Silenzio. La testa di Sebastián tremava sul collo.
«E che cosa ha voluto dirti con quelle poche parole, secondo te?»
«Ha voluto dirmi che mi credeva.»
«E perché pensi che fosse arrivato a quella conclusione?»
«Prima della mia condanna mio padre aveva raggiunto un punto della sua vita in cui non si metteva mai in discussione, non so se per via della sua certezza di possedere un grande talento o per via delle piaggerie di quelli che gli stavano intorno, ma era sempre sicuro di avere ragione, di non commettere mai errori… Poi sono stato arrestato. Dopo che mi hanno rinchiuso in carcere non ho più voluto vederlo, perciò non posso esserne sicuro, ma penso che sia stato allora che i dubbi si sono insinuati nella sua mente.»
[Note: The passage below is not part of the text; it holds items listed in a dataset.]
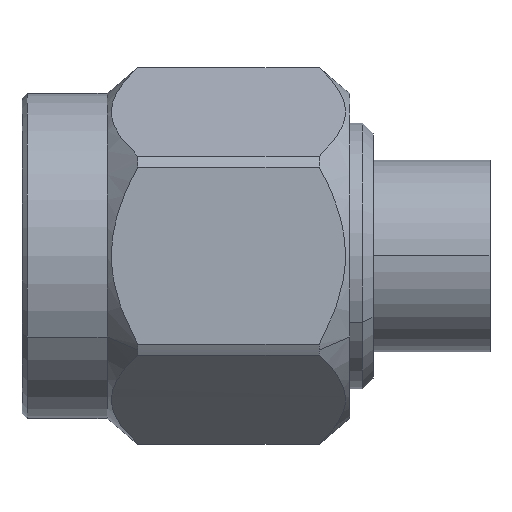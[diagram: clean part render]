
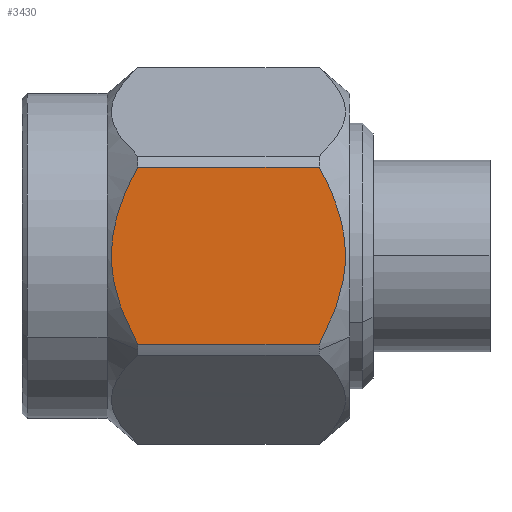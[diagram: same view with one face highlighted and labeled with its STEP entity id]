
A CAD part, top view. The second image highlights one B-rep face of the part: STEP entity #3430.
In plain terms, the highlighted planar face has unit normal (0, 0, 1).
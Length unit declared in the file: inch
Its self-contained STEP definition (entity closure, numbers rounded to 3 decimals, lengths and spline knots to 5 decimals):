
#6 = CARTESIAN_POINT ( 'NONE',  ( 0.29309, -0.05463, 0.15625 ) ) ;
#24 = ORIENTED_EDGE ( 'NONE', *, *, #3152, .T. ) ;
#56 = CARTESIAN_POINT ( 'NONE',  ( 0.29613, -0.04616, 0.15625 ) ) ;
#82 = CARTESIAN_POINT ( 'NONE',  ( 0.1089, 0.08326, 0.15625 ) ) ;
#134 = CARTESIAN_POINT ( 'NONE',  ( 0.1089, 0.08326, 0.15625 ) ) ;
#147 = CARTESIAN_POINT ( 'NONE',  ( 0.0972, -0.05967, 0.15625 ) ) ;
#178 = DIRECTION ( 'NONE',  ( -1., 0., 0. ) ) ;
#284 = ORIENTED_EDGE ( 'NONE', *, *, #325, .T. ) ;
#325 = EDGE_CURVE ( 'NONE', #1074, #531, #1900, .T. ) ;
#337 = FACE_OUTER_BOUND ( 'NONE', #3273, .T. ) ;
#383 = CARTESIAN_POINT ( 'NONE',  ( 0.29768, 0.04134, 0.15625 ) ) ;
#428 = CARTESIAN_POINT ( 'NONE',  ( 0.09582, -0.05635, 0.15625 ) ) ;
#447 = CARTESIAN_POINT ( 'NONE',  ( 0.10506, -0.07639, 0.15625 ) ) ;
#531 = VERTEX_POINT ( 'NONE', #1787 ) ;
#544 = CARTESIAN_POINT ( 'NONE',  ( 0.54, -0.08326, 0.15625 ) ) ;
#573 = CARTESIAN_POINT ( 'NONE',  ( 0.2793, -0.08326, 0.15625 ) ) ;
#593 = CARTESIAN_POINT ( 'NONE',  ( 0.30409, 0.00695, 0.15625 ) ) ;
#621 = CARTESIAN_POINT ( 'NONE',  ( 0.09533, 0.05646, 0.15625 ) ) ;
#644 = CARTESIAN_POINT ( 'NONE',  ( 0.29723, 0.04278, 0.15625 ) ) ;
#705 = CARTESIAN_POINT ( 'NONE',  ( 0.09203, -0.04605, 0.15625 ) ) ;
#889 = CARTESIAN_POINT ( 'NONE',  ( 0.30322, 0.01767, 0.15625 ) ) ;
#906 = CARTESIAN_POINT ( 'NONE',  ( 0.29902, 0.03676, 0.15625 ) ) ;
#929 = ORIENTED_EDGE ( 'NONE', *, *, #2492, .F. ) ;
#953 = CARTESIAN_POINT ( 'NONE',  ( 0.09017, 0.04017, 0.15625 ) ) ;
#1066 = CARTESIAN_POINT ( 'NONE',  ( 0.30407, -0.01428, 0.15625 ) ) ;
#1074 = VERTEX_POINT ( 'NONE', #1967 ) ;
#1119 = CARTESIAN_POINT ( 'NONE',  ( 0.29653, -0.04496, 0.15625 ) ) ;
#1126 = DIRECTION ( 'NONE',  ( 0., 0., 1. ) ) ;
#1129 = CARTESIAN_POINT ( 'NONE',  ( 0.10165, -0.06965, 0.15625 ) ) ;
#1148 = CARTESIAN_POINT ( 'NONE',  ( 0.08853, 0.03426, 0.15625 ) ) ;
#1236 = CARTESIAN_POINT ( 'NONE',  ( 0.09124, -0.04364, 0.15625 ) ) ;
#1423 = CARTESIAN_POINT ( 'NONE',  ( 0.28832, -0.06613, 0.15625 ) ) ;
#1484 = CARTESIAN_POINT ( 'NONE',  ( 0.09136, -0.044, 0.15625 ) ) ;
#1538 = CARTESIAN_POINT ( 'NONE',  ( 0.54, 0.08326, 0.15625 ) ) ;
#1629 = B_SPLINE_CURVE_WITH_KNOTS ( 'NONE', 3,
 ( #2825, #447, #1129, #147, #428, #2187, #2034, #705, #1916, #1484, #1236, #2272, #2968, #3003, #2548, #3335, #2566, #1148, #1780, #953, #2014, #2531, #2709, #621, #3352, #82 ),
 .UNSPECIFIED., .F., .F.,
 ( 4, 2, 2, 1, 1, 2, 2, 2, 2, 2, 1, 1, 2, 2, 4 ),
 ( 0., 0.125, 0.1875, 0.21875, 0.23437, 0.24219, 0.25, 0.5, 0.625, 0.6875, 0.71875, 0.73437, 0.74219, 0.75, 1. ),
 .UNSPECIFIED. ) ;
#1645 = CARTESIAN_POINT ( 'NONE',  ( 0.28318, -0.07632, 0.15625 ) ) ;
#1662 = CARTESIAN_POINT ( 'NONE',  ( 0.29679, -0.04417, 0.15625 ) ) ;
#1677 = CARTESIAN_POINT ( 'NONE',  ( 0.1089, -0.08326, 0.15625 ) ) ;
#1771 = CARTESIAN_POINT ( 'NONE',  ( 0.30068, 0.03036, 0.15625 ) ) ;
#1780 = CARTESIAN_POINT ( 'NONE',  ( 0.08924, 0.03698, 0.15625 ) ) ;
#1787 = CARTESIAN_POINT ( 'NONE',  ( 0.2793, 0.08326, 0.15625 ) ) ;
#1887 = LINE ( 'NONE', #544, #2024 ) ;
#1900 = B_SPLINE_CURVE_WITH_KNOTS ( 'NONE', 3,
 ( #573, #1645, #1423, #6, #2433, #56, #1119, #1662, #3235, #2713, #1066, #593, #889, #1771, #906, #3060, #383, #3027, #644, #2750, #2281, #2230 ),
 .UNSPECIFIED., .F., .F.,
 ( 4, 1, 1, 1, 1, 2, 2, 2, 1, 1, 1, 1, 2, 2, 4 ),
 ( 0., 0.125, 0.1875, 0.21875, 0.23437, 0.24219, 0.25, 0.5, 0.625, 0.6875, 0.71875, 0.73437, 0.74219, 0.75, 1. ),
 .UNSPECIFIED. ) ;
#1916 = CARTESIAN_POINT ( 'NONE',  ( 0.09163, -0.04482, 0.15625 ) ) ;
#1947 = PLANE ( 'NONE',  #1999 ) ;
#1967 = CARTESIAN_POINT ( 'NONE',  ( 0.2793, -0.08326, 0.15625 ) ) ;
#1999 = AXIS2_PLACEMENT_3D ( 'NONE', #2153, #1126, #2981 ) ;
#2014 = CARTESIAN_POINT ( 'NONE',  ( 0.09059, 0.04154, 0.15625 ) ) ;
#2024 = VECTOR ( 'NONE', #3204, 39.37008 ) ;
#2034 = CARTESIAN_POINT ( 'NONE',  ( 0.09302, -0.04893, 0.15625 ) ) ;
#2153 = CARTESIAN_POINT ( 'NONE',  ( 0.54, -0.09021, 0.15625 ) ) ;
#2187 = CARTESIAN_POINT ( 'NONE',  ( 0.09393, -0.0514, 0.15625 ) ) ;
#2230 = CARTESIAN_POINT ( 'NONE',  ( 0.2793, 0.08326, 0.15625 ) ) ;
#2272 = CARTESIAN_POINT ( 'NONE',  ( 0.08643, -0.02848, 0.15625 ) ) ;
#2281 = CARTESIAN_POINT ( 'NONE',  ( 0.28712, 0.0693, 0.15625 ) ) ;
#2292 = VERTEX_POINT ( 'NONE', #134 ) ;
#2433 = CARTESIAN_POINT ( 'NONE',  ( 0.29517, -0.04897, 0.15625 ) ) ;
#2492 = EDGE_CURVE ( 'NONE', #2564, #2292, #1629, .T. ) ;
#2531 = CARTESIAN_POINT ( 'NONE',  ( 0.09087, 0.04245, 0.15625 ) ) ;
#2536 = LINE ( 'NONE', #1538, #2980 ) ;
#2548 = CARTESIAN_POINT ( 'NONE',  ( 0.08472, 0.01451, 0.15624 ) ) ;
#2564 = VERTEX_POINT ( 'NONE', #1677 ) ;
#2566 = CARTESIAN_POINT ( 'NONE',  ( 0.08721, 0.02885, 0.15624 ) ) ;
#2709 = CARTESIAN_POINT ( 'NONE',  ( 0.09103, 0.04296, 0.15625 ) ) ;
#2713 = CARTESIAN_POINT ( 'NONE',  ( 0.30172, -0.0287, 0.15625 ) ) ;
#2750 = CARTESIAN_POINT ( 'NONE',  ( 0.29305, 0.05594, 0.15625 ) ) ;
#2825 = CARTESIAN_POINT ( 'NONE',  ( 0.1089, -0.08326, 0.15625 ) ) ;
#2916 = EDGE_CURVE ( 'NONE', #2564, #1074, #1887, .T. ) ;
#2968 = CARTESIAN_POINT ( 'NONE',  ( 0.0841, -0.01436, 0.15625 ) ) ;
#2980 = VECTOR ( 'NONE', #178, 39.37008 ) ;
#2981 = DIRECTION ( 'NONE',  ( 1., 0., 0. ) ) ;
#3003 = CARTESIAN_POINT ( 'NONE',  ( 0.08413, 0.00737, 0.15625 ) ) ;
#3027 = CARTESIAN_POINT ( 'NONE',  ( 0.29739, 0.04226, 0.15625 ) ) ;
#3060 = CARTESIAN_POINT ( 'NONE',  ( 0.29809, 0.03996, 0.15625 ) ) ;
#3152 = EDGE_CURVE ( 'NONE', #531, #2292, #2536, .T. ) ;
#3204 = DIRECTION ( 'NONE',  ( 1., 0., 0. ) ) ;
#3235 = CARTESIAN_POINT ( 'NONE',  ( 0.2969, -0.04383, 0.15625 ) ) ;
#3273 = EDGE_LOOP ( 'NONE', ( #24, #929, #3398, #284 ) ) ;
#3335 = CARTESIAN_POINT ( 'NONE',  ( 0.08648, 0.02526, 0.15624 ) ) ;
#3352 = CARTESIAN_POINT ( 'NONE',  ( 0.10124, 0.06959, 0.15625 ) ) ;
#3398 = ORIENTED_EDGE ( 'NONE', *, *, #2916, .T. ) ;
#3430 = ADVANCED_FACE ( 'NONE', ( #337 ), #1947, .T. ) ;

«Ha dovuto lasciare il barrio», disse Alicia, «la gente lo aveva messo al bando.»
«Nel barrio non era mai stato molto popolare. Lui credeva che tutti lo adorassero come lo adorava il suo pubblico, ma lui non si era mai interessato agli altri. Erano lì solo per la maggior gloria di Pablo Ortega.»
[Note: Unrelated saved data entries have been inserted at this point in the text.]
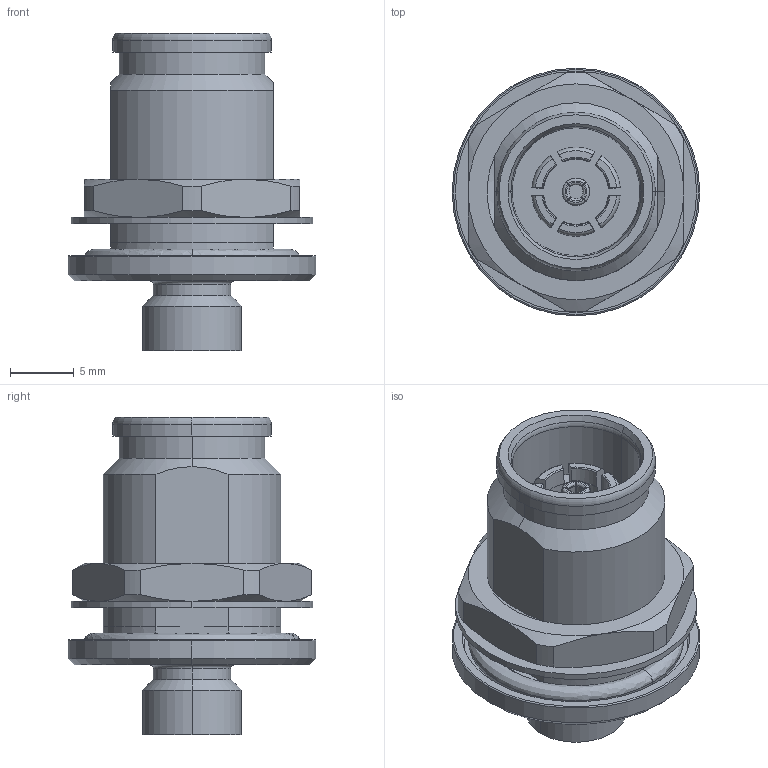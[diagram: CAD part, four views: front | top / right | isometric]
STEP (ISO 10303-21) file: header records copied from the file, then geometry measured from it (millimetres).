
FILE_DESCRIPTION (( 'STEP AP214' ), '1' );
FILE_NAME ('J01461A0010.STEP', '2019-08-20T13:45:01', ( '' ), ( '' ), 'SwSTEP 2.0', 'SolidWorks 2018', '' );
FILE_SCHEMA (( 'AUTOMOTIVE_DESIGN' ));
Length unit declared in the file: millimetre
Products named in the file (1): J01461A0010
Bounding box: 19.5 x 19.5 x 25 mm (x, y, z)
Volume: 3148 mm3; surface area: 2661.6 mm2
Topology: 2 solids, 2 shells, 223 faces, 550 edges, 349 vertices
Faces by surface type: cone 70, plane 58, cylinder 52, torus 37, bspline 6
Entity records: 9587 total; most frequent: CARTESIAN_POINT 2022, ORIENTED_EDGE 1100, DIRECTION 1040, EDGE_CURVE 550, AXIS2_PLACEMENT_3D 439, VERTEX_POINT 349, EDGE_LOOP 243, UNCERTAINTY_MEASURE_WITH_UNIT 225

«Questo deve avergli dato un motivo di dubitare.»
«Sì, e anche il fatto che lavorava meno. Ha avuto il tempo di ragionare di più con se stesso e, come so bene io, quando si comincia a fare così le paure e i dubbi ti assaltano da ogni parte e si ingigantiscono. Probabilmente ha parlato con Salvador. Non era cattivo, mio padre, Salvador gli faceva pena e lui lo aiutava, gli dava i soldi per la droga. Dubito che Salvador glielo avesse detto esplicitamente, data la forza della personalità di mio padre e la paura che gli faceva il suo, ma dopo i primi dubbi è probabile che Pablo abbia cominciato a mettere insieme le cose. E alla fine deve aver risolto quell’orribile equazione, che era la somma di tutte le sue paure. Deve essere stato devastante.»
«Ma non trovi che da parte tua sia stata un’azione incredibilmente drastica? Farti rinchiudere qui?»
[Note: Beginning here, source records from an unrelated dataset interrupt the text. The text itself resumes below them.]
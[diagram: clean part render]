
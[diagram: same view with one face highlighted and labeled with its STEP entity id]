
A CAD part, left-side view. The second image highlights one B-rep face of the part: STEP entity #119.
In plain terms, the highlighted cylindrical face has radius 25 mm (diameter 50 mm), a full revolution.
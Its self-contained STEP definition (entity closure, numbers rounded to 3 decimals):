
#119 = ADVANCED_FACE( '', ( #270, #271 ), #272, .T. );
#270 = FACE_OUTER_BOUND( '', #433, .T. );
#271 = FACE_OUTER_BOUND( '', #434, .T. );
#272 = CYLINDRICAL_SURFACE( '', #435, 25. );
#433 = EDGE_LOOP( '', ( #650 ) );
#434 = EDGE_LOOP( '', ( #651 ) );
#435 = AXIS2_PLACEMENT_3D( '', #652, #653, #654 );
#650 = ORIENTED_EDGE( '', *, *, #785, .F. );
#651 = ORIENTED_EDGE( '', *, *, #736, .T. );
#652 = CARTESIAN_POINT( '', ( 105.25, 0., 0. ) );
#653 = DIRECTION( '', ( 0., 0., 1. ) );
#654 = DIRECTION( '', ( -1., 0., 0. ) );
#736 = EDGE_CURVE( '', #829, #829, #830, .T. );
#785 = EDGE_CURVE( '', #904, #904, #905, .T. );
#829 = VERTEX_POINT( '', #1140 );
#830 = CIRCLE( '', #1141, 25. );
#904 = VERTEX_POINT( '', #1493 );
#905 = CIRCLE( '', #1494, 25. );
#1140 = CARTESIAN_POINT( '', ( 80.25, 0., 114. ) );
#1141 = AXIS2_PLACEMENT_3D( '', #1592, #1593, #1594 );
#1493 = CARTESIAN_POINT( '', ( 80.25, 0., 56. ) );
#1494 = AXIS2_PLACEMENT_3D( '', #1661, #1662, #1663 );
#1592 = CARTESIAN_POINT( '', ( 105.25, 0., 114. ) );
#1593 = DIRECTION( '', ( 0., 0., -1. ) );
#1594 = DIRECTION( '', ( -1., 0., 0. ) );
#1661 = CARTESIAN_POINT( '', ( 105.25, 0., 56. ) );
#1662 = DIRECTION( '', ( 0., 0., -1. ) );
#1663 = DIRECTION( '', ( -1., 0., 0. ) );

«Non penserà che lo abbia fatto solo per attirare l’attenzione di mio padre, non è vero?»
«Non so perché lo hai fatto, Sebastián.»
Sebastián ritirò il polso e si coprì la testa con le braccia, dondolandosi sulla sedia per parecchi minuti.
«Forse per oggi è abbastanza», suggerì Alicia, trovando la sua spalla.
Sebastián si calmò, si raddrizzò, le porse di nuovo il polso.
«Avevo paura di quello che stava montando nella mia mente.»
«Parliamone domani», disse Alicia Aguado.
«No, vorrei provare a tirarlo fuori subito», ribatté il giovane, premendosi le dita di lei sul polso. «Avevo letto non so dove… non potevo fare a meno di leggere quel genere di cose. I giornali sono pieni di notizie di violenze sessuali sui bambini e la mia attenzione era sempre attirata da tutte quelle notizie, perché sapevo che mi riguardavano. In quegli articoli trovavo cose che mi facevano venire dei dubbi e poi ho cominciato a scoprire in me una parte di cui non mi potevo più fidare. È iniziato così e alla fine è diventata una certezza nella mia testa. Era solo una questione di tempo prima o poi… prima…»
«Penso davvero che per oggi basti, Sebastián. Stai facendo uno sforzo mentale troppo grande.»
«Per piacere, lascia che ci provi, solo quest’unica cosa!»
«Che cosa trovavi in quegli articoli?» domandò Alicia. «Dimmi soltanto questo.»
«Sì, sì, è cominciato così! Quello che trovavo negli articoli e che mi riguardava era che… che i violentati diventano violentatori. Quando l’ho letto la prima volta mi sono detto che non era possibile… non era possibile che finissi anch’io per avere quella stessa espressione furtiva, allusiva, che aveva lo zio Ignacio quando si sedeva sul mio letto la sera. Ma quando si è sempre soli i dubbi si moltiplicano e davvero avevo cominciato a pensare che anche a me sarebbe potuto succedere, che non sarei stato capace di controllare quella cosa. Già avevo scoperto di piacere ai bambini e che loro piacevano a me, mi piaceva condividere quel mondo innocente, spontaneo, privo degli orrori del passato e delle paure per il futuro, solo il meraviglioso semplice presente. E dentro di me cresceva il timore che un giorno avrei potuto finire per fare qualcosa di innominabile e vivevo in una paura continua. A un certo punto non ne ho potuto più e ho pensato che avrei dovuto farlo e basta. Quando è venuto il momento, però… non ho potuto, ma non importava, ormai era troppo tardi, quella paura dentro di me era troppo forte. Ho lasciato andare Manolo e mentre aspettavo la polizia mi sono ritrovato a pregare che mi chiudessero in una cella e buttassero via la chiave.»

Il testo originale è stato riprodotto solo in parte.